> WHAT THE TASK ASKS
Copy the data exactly. Images are to be left out.
++++ RECORDED DATA
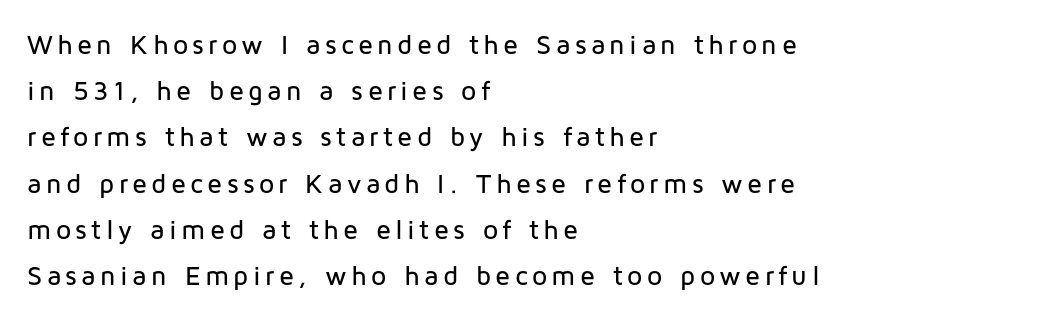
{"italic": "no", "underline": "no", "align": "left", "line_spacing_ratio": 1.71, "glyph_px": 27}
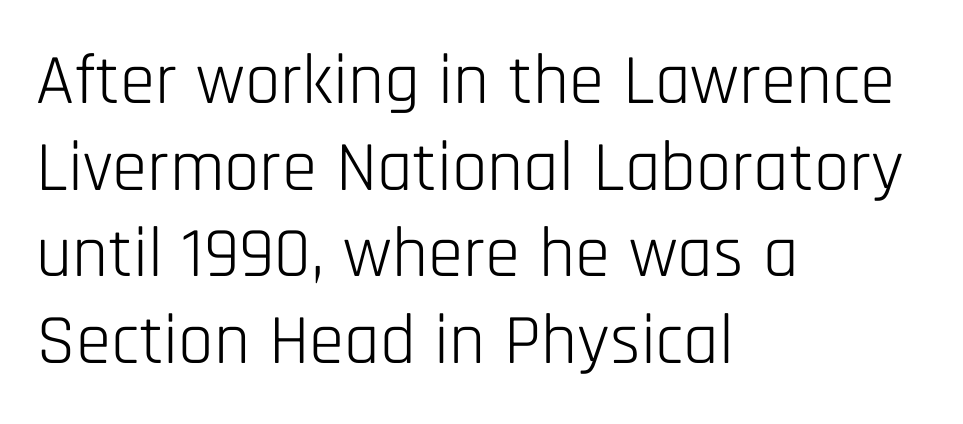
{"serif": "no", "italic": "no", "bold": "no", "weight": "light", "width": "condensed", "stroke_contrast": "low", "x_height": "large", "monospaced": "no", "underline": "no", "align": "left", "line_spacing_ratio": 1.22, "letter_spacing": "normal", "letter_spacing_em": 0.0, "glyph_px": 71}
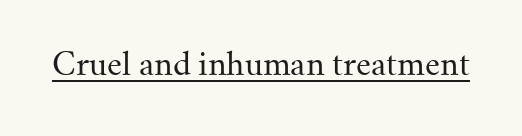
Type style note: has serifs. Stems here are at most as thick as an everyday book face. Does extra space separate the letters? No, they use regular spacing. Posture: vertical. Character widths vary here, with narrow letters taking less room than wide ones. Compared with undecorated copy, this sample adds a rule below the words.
++++++++
> WRITTEN RESPONSE
{"italic": "no", "underline": "no", "align": "left", "line_spacing_ratio": 1.71, "glyph_px": 27}
{"serif": "no", "italic": "no", "bold": "no", "weight": "light", "width": "condensed", "stroke_contrast": "low", "x_height": "large", "monospaced": "no", "underline": "no", "align": "left", "line_spacing_ratio": 1.22, "letter_spacing": "normal", "letter_spacing_em": 0.0, "glyph_px": 71}
Type style note: has serifs. Stems here are at most as thick as an everyday book face. Does extra space separate the letters? No, they use regular spacing. Posture: vertical. Character widths vary here, with narrow letters taking less room than wide ones. Compared with undecorated copy, this sample adds a rule below the words.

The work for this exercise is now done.